Em meio a um dos maiores escândalos financeiros recentes do país, é preciso reconhecer a atuação firme do presidente do Banco Central, Gabriel Galípolo, no processo que levou à liquidação do Banco Master. Em um ambiente de forte pressão política, disputas institucionais e interesses contrariados, a autoridade monetária tomou decisões que, embora duras, foram fundamentais para proteger a estabilidade do sistema financeiro brasileiro.

Pouco se fala, mas não se tratou de uma decisão simples. Ao assumir o comando do Banco Central, Galípolo herdou uma situação complexa na supervisão bancária — uma verdadeira “herança maldita” deixada pela gestão de Roberto Campos Neto. As fragilidades acumuladas ao longo dos anos vieram à tona no caso Master, expondo um conjunto de irregularidades financeiras que não poderiam ser ignoradas por qualquer autoridade responsável.

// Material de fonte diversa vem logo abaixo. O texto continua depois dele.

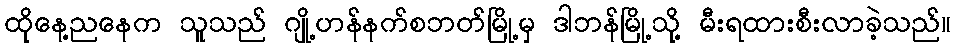
ထိုနေ့ညနေက သူသည် ဂျို့ဟန်နက်စဘတ်မြို့မှ ဒါဘန်မြို့သို့ မီးရထားစီးလာခဲ့သည်။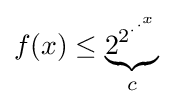
f(x)\leq \underbrace {2^{2^{\cdot ^{\cdot ^{x}}}}} _{c}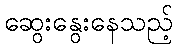
ဆွေးနွေးနေသည့်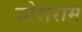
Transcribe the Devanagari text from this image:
जोराराम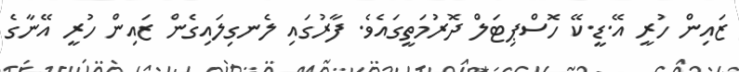
ޒައިން ހުރީ އޭ.ޑީ.ކޭ ހޮސްޕިޓަލް ދޮރުމަތީގައެވެ. ފާރުގައި ލެނގިލައިގެން ޒައިން ހުރީ އޭނާގެ

A medida mais contundente foi a decretação da liquidação extrajudicial do Banco Master. Após identificar graves inconsistências contábeis, riscos de solvência e ameaças à estabilidade do sistema financeiro, o Banco Central afastou os administradores da instituição e nomeou um liquidante para conduzir o processo. Trata-se de um instrumento extremo, utilizado apenas quando não há mais alternativas viáveis para preservar a instituição sem........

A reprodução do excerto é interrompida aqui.